When I was leaving Manchester, we had to get rid of a small piano that had been given to us and that nobody would take.  It went onto the Guy Fawkes bonfire and died with a last twangle of chords.

 

14 thoughts on “Guy and the clock”

  1. Upon reading your comment about burning the unwanted piano, I immediately thought of John Cage because I recall he composed a work that consisted of a piano burning, or so I thought. Searching on “John Cage” and then, separately, “burning piano,” Wikipedia informed me that Cage composed several works for *prepared piano* but they make no mention of him burning a piano. Four contemporary composers were cited as having composed works for a burning piano. More weirdly, the page states that the RAF and the US Air Force stage piano burnings to commemorate particular types of important events.

    1. Gabor Cossa, eccentric owner of an antique shop in Cambridge, England, rented (so I was told) a hall in London and gave a concert with a piano from which he had removed the strings, so that there was no sound.

  2. I like nothing better than to return to the logic and sanity of standard time.

  3. Was Venus changing her clocks this evening? Or was she hiding gunpowder beneath Olympus? Wherever she was, I’m relieved to see she’ll be back in the sky tomorrow evening.

    1. The name is older than Guy Fawkes (who, when traveling in Europe to seek support for his Catholic rebellion, used the Italian form, Guido).

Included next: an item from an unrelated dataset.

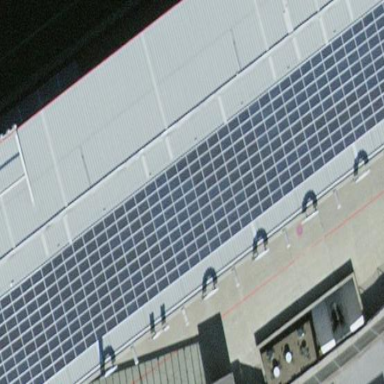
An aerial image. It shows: Solar power generator using photovoltaic method with solar photovoltaic panel types.

Since I was born in what was then part of Warwickshire, I was named for Guy of Warwick, the hero of a medieval romance. The origin of the name is uncertain (it may or may not be connected with “guide”).

      1. If “Guy”, “Guido”, and “guide” have common roots, your parents named you well, Guido Siderius.

  4. It is a long time since I last saw a guy on a bonfire. Some years ago I think images of Margaret Thatcher went that way. Perhaps some Trumps have been sighted?

    1. Trump pinatas are popular in the parts of the United States that used to be Mexico.

      By the way, Mexico has agreed to build and pay for a wall on her pre-1848 border with the United States.

  5. I have a household in a small therapeutic community for adults. We customarily rise later on Sundays and have a late brunch. Since the night-time change would make the stomachs grumble indeed, I revert to Standard Time after Sunday brunch.
    I DO wish we could stop the whole nonsense though, once and for all; and have several supporting points to this conclusion – which I shan’t bore you with since it would be “preaching to the choir”.

  6. and thanks for the info about who Guy Fawkes was. I often wondered about him, A shame though to put a piano in a bonfire. I would never do that with mine, nor my accordion.

  7. I love setting my clocks back some earlier than others and my plants just LOVE gettin that extra hour of sun in the morning, LOL,,, as if any of this make any difference to them. Not much of this makes any difference to me either as I’m retired for 8+ years already and still surviving. Now tell me why the dude threw his alarm clock out the window??? He wanted to see time fly.
    Time flies like an arrow……. Fruit flies like a banana…..
    I’ve been told not to lose my sense of humor.. I reply that if I lose that, I’ll have no sense at all.